Now I understand that this not the main point; both polynomials and NN can approximate any function that is not artificially nasty. The only thing is that a NN is easier to optimize and generalizes better for high dimensional problems such as image classification.
The issue is more complicated than simply expressiveness. The author claim that "one should use PR instead" seems dubious at best, but I'm now going to read the paper and figure it out.
Very interesting topic. Indeed, one way to interpret the neural networks is to design the deep architecture interpretable at the first place. Namely, one can design the structure and activation functions of each layer to mimic one step of gradient descent. Then, K layer of this tailored DNN resembles K iterations of an optimization algorithm, e.g., see [1-3]. But still, one need to prove the convergence of such networks (empirical results show very promising convergence speed).
Back before deep learning was all the rage textbooks used to argue that two layers were enough because a two layer network can approximate anything arbitrarily well.
They were right and wrong. Two layer networks CAN indeed approximate any function arbitrarily well. They just do a piss poor job of it. It can take exponentially more para meters than a better formulation.
The lesson is that representation matters a lot. There are lots of ways to construct universal approximators but they are not made equal.
I actually always describe neural networks as a robust taylor series. What we are trying to do by calculating the weights are matching the "plane" of your data space. In the case of classification, you may have multiple taylor series generated, where each one represents a class, such that the highest value output of all the functions concatenated is your classification.
Once you understand that a neural network "learns" the underlying data space, it is easy to understand why/how you can just change the output layer of a trained network in many cases to solve a different problem (on the same dataset).
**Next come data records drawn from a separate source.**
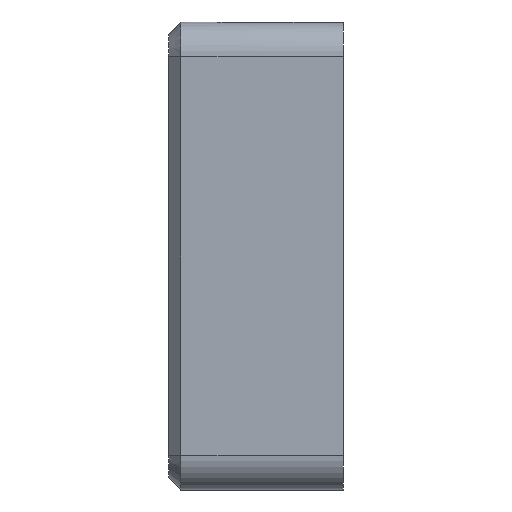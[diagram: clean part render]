
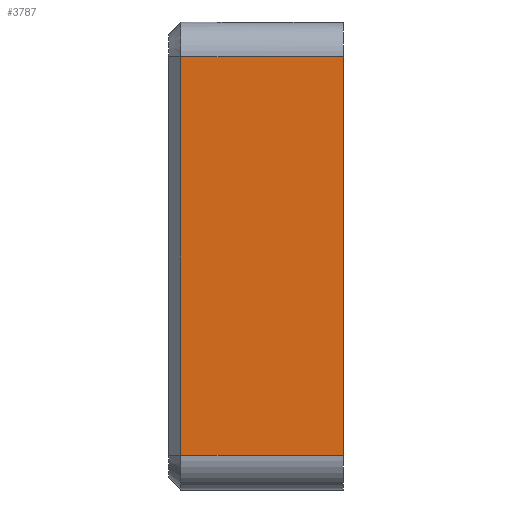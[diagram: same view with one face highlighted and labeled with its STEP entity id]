
A CAD part, left-side view. The second image highlights one B-rep face of the part: STEP entity #3787.
In plain terms, the highlighted planar face has unit normal (-1, 0, 0).
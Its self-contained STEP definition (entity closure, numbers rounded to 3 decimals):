
#408 = ORIENTED_EDGE ( 'NONE', *, *, #457, .T. ) ;
#457 = EDGE_CURVE ( 'NONE', #10015, #2040, #11357, .T. ) ;
#606 = ORIENTED_EDGE ( 'NONE', *, *, #2324, .T. ) ;
#1267 = LINE ( 'NONE', #11283, #10378 ) ;
#2010 = DIRECTION ( 'NONE',  ( 0., -1., 0. ) ) ;
#2040 = VERTEX_POINT ( 'NONE', #4863 ) ;
#2152 = VECTOR ( 'NONE', #11123, 1000. ) ;
#2324 = EDGE_CURVE ( 'NONE', #10674, #9240, #1267, .T. ) ;
#2400 = DIRECTION ( 'NONE',  ( 0., 0., -1. ) ) ;
#2892 = FACE_OUTER_BOUND ( 'NONE', #3088, .T. ) ;
#3088 = EDGE_LOOP ( 'NONE', ( #3648, #606, #11640, #408 ) ) ;
#3648 = ORIENTED_EDGE ( 'NONE', *, *, #6258, .F. ) ;
#3767 = CARTESIAN_POINT ( 'NONE',  ( -67., 0., -57. ) ) ;
#3787 = ADVANCED_FACE ( 'NONE', ( #2892 ), #6911, .F. ) ;
#3835 = VECTOR ( 'NONE', #2010, 1000. ) ;
#4180 = CARTESIAN_POINT ( 'NONE',  ( -67., 50., 57. ) ) ;
#4804 = EDGE_CURVE ( 'NONE', #9240, #10015, #6403, .T. ) ;
#4863 = CARTESIAN_POINT ( 'NONE',  ( -67., 0., 57. ) ) ;
#4920 = CARTESIAN_POINT ( 'NONE',  ( -67., 50., 57. ) ) ;
#4987 = LINE ( 'NONE', #4920, #5362 ) ;
#5362 = VECTOR ( 'NONE', #10394, 1000. ) ;
#5730 = CARTESIAN_POINT ( 'NONE',  ( -67., 46.5, 57. ) ) ;
#6258 = EDGE_CURVE ( 'NONE', #10674, #2040, #4987, .T. ) ;
#6403 = LINE ( 'NONE', #9944, #3835 ) ;
#6911 = PLANE ( 'NONE',  #10222 ) ;
#9130 = CARTESIAN_POINT ( 'NONE',  ( -67., 46.5, -57. ) ) ;
#9240 = VERTEX_POINT ( 'NONE', #9130 ) ;
#9354 = CARTESIAN_POINT ( 'NONE',  ( -67., 0., 57. ) ) ;
#9944 = CARTESIAN_POINT ( 'NONE',  ( -67., 50., -57. ) ) ;
#10015 = VERTEX_POINT ( 'NONE', #3767 ) ;
#10222 = AXIS2_PLACEMENT_3D ( 'NONE', #4180, #10506, #2400 ) ;
#10269 = DIRECTION ( 'NONE',  ( 0., 0., -1. ) ) ;
#10378 = VECTOR ( 'NONE', #10269, 1000. ) ;
#10394 = DIRECTION ( 'NONE',  ( 0., -1., 0. ) ) ;
#10506 = DIRECTION ( 'NONE',  ( 1., 0., 0. ) ) ;
#10674 = VERTEX_POINT ( 'NONE', #5730 ) ;
#11123 = DIRECTION ( 'NONE',  ( 0., 0., 1. ) ) ;
#11283 = CARTESIAN_POINT ( 'NONE',  ( -67., 46.5, 57. ) ) ;
#11357 = LINE ( 'NONE', #9354, #2152 ) ;
#11640 = ORIENTED_EDGE ( 'NONE', *, *, #4804, .T. ) ;
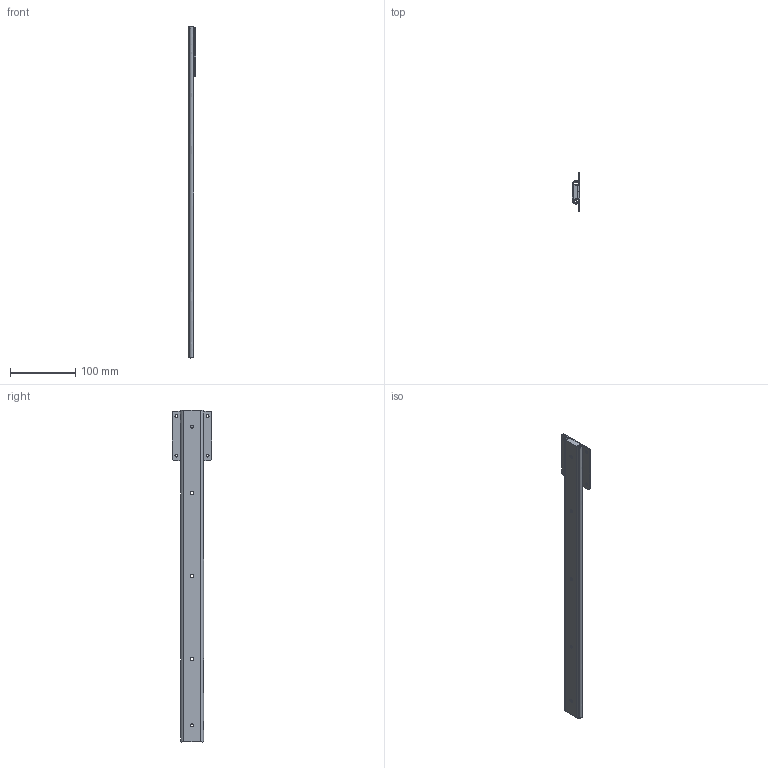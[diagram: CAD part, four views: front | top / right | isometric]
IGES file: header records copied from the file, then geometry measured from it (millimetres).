
Start section: SolidWorks IGES file using analytic representation for surfaces
Bounding box: 11.2 x 60.4 x 508 mm (x, y, z)
Surface area: 59856.3 mm2 (no closed solid volume)
Topology: 0 solids, 0 shells, 103 faces, 1620 edges, 1620 vertices
Faces by surface type: revolution 57, bspline 46
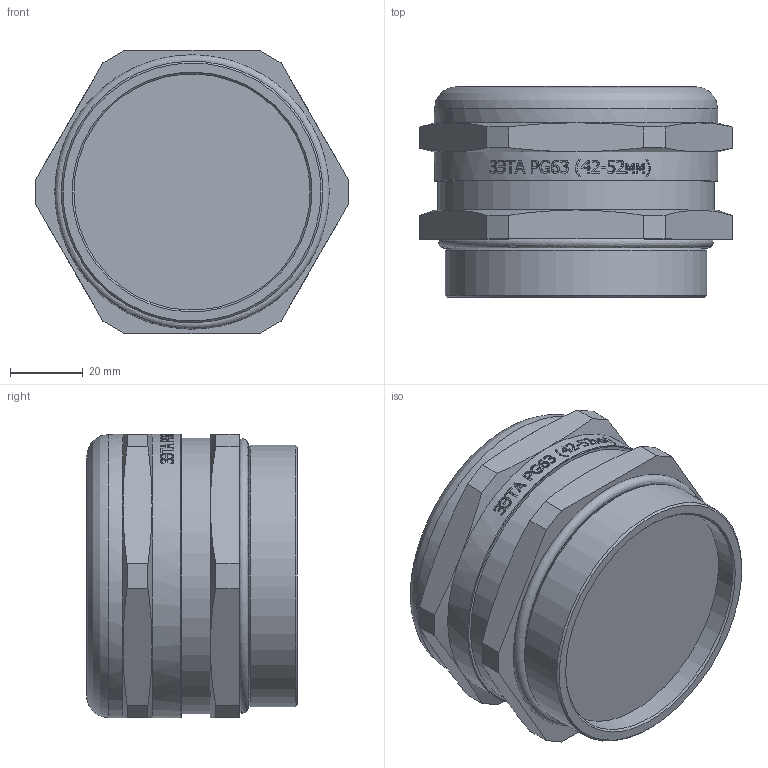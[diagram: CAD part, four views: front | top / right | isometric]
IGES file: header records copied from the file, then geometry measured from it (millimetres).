
Global section: file name: 13 КВ-PG63 (42-52мм); native system: Autodesk Inventor 2015; preprocessor: unknown; author: zeta-23; date: 20161012.223639; units: millimetre
Bounding box: 86.07 x 58 x 78 mm (x, y, z)
Volume: 247157.2 mm3; surface area: 26687.8 mm2
Topology: 1 solids, 1 shells, 348 faces, 957 edges, 637 vertices
Faces by surface type: bspline 348
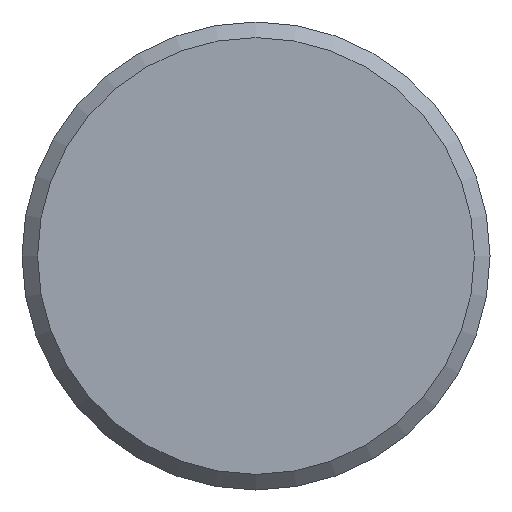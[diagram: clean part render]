
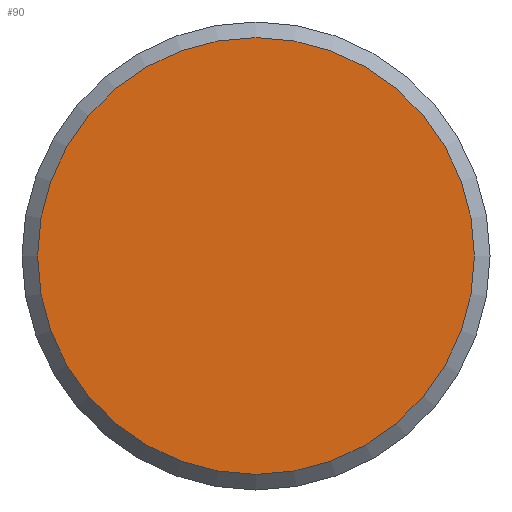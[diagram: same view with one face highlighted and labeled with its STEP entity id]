
A CAD part, left-side view. The second image highlights one B-rep face of the part: STEP entity #90.
In plain terms, the highlighted planar face has unit normal (-1, 0, 0).
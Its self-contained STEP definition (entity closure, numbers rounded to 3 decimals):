
#90 = ADVANCED_FACE( '', ( #132 ), #133, .T. );
#132 = FACE_OUTER_BOUND( '', #175, .T. );
#133 = PLANE( '', #176 );
#175 = EDGE_LOOP( '', ( #244 ) );
#176 = AXIS2_PLACEMENT_3D( '', #245, #246, #247 );
#244 = ORIENTED_EDGE( '', *, *, #266, .T. );
#245 = CARTESIAN_POINT( '', ( 0., 0., 0. ) );
#246 = DIRECTION( '', ( -1., 0., 0. ) );
#247 = DIRECTION( '', ( 0., 0., 1. ) );
#266 = EDGE_CURVE( '', #293, #293, #294, .T. );
#293 = VERTEX_POINT( '', #321 );
#294 = CIRCLE( '', #322, 7. );
#321 = CARTESIAN_POINT( '', ( 0., 0., 7. ) );
#322 = AXIS2_PLACEMENT_3D( '', #362, #363, #364 );
#362 = CARTESIAN_POINT( '', ( 0., 0., 0. ) );
#363 = DIRECTION( '', ( -1., 0., 0. ) );
#364 = DIRECTION( '', ( 0., 0., 1. ) );
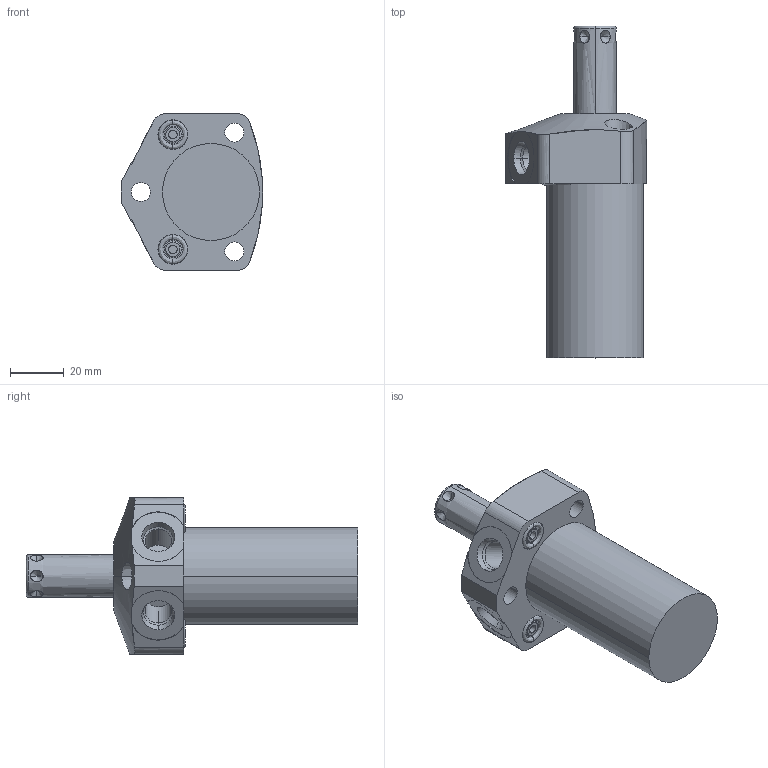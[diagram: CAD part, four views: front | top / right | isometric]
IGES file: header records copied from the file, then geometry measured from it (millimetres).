
Start section:  PTC IGES file: ilc14620901s.igs
Global section: file name: ilc14620901s.igs; native system: Creo Parametric by Parametric Technology Corporation; preprocessor: 2013320; author: jdw; organization: Unknown; date: 20180207.120320; units: inch
Bounding box: 52.83 x 124.08 x 58.6 mm (x, y, z)
Surface area: 23264.9 mm2 (no closed solid volume)
Topology: 0 solids, 0 shells, 132 faces, 588 edges, 574 vertices
Faces by surface type: revolution 99, bspline 33
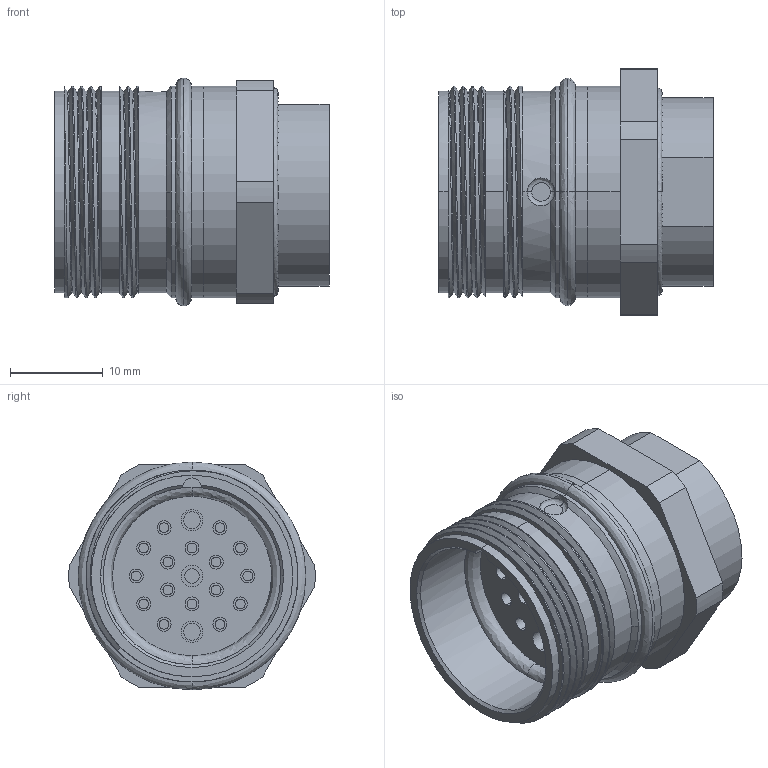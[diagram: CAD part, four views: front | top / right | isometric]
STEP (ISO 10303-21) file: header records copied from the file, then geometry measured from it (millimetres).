
FILE_DESCRIPTION (( 'STEP AP203' ), '1' );
FILE_NAME ('P393.STEP', '2020-04-15T07:25:35', ( 'edpusr' ), ( 'Microsoft' ), 'SwSTEP 2.0', 'SolidWorks 2015', '' );
FILE_SCHEMA (( 'CONFIG_CONTROL_DESIGN' ));
Length unit declared in the file: millimetre
Products named in the file (1): P393
Bounding box: 29.5 x 26.49 x 24.5 mm (x, y, z)
Volume: 6801.5 mm3; surface area: 6642.9 mm2
Topology: 2 solids, 2 shells, 366 faces, 986 edges, 630 vertices
Faces by surface type: cylinder 214, plane 101, bspline 45, cone 6
Entity records: 14848 total; most frequent: CARTESIAN_POINT 5732, DIRECTION 1914, ORIENTED_EDGE 1896, EDGE_CURVE 948, AXIS2_PLACEMENT_3D 768, VERTEX_POINT 630, EDGE_LOOP 448, CIRCLE 446

PR is quite similar to a neural network with a single extremely wide layer. Unless you are hashing the polynomials, you will quickly run into an intractible problem, while properly setup NNs automatically learn which polynomials are needed for solving the problem, giving the budget of the network architecture (number of layers, number of neurons, etc.).
Nobody in industry will abandon NNs over PRs if they are looking to making it easier to handle. I doubt on most industrial problems, that PR even comes close to NNs in performance.
I think what you literally need is a network that is "narrow" but also has many layers. This is because what PR features over simple linear regression is interaction terms, and multiple layers are an alternate way to get those. This also hints at one problem with true PR - in a multi-variate context, the amount of coefficients you'll need to fit is going to scale very badly given the number of variables and the degree of your polynomial. NN layers have natural dimenionality-reduction properties that make them more flexible.
The old seems to be new again. Advancements in hardware are dusting off the ANN genre, making it shiny and bright, and sparking reinventions an order of magnitude greater than the previous revolution circa the 80's.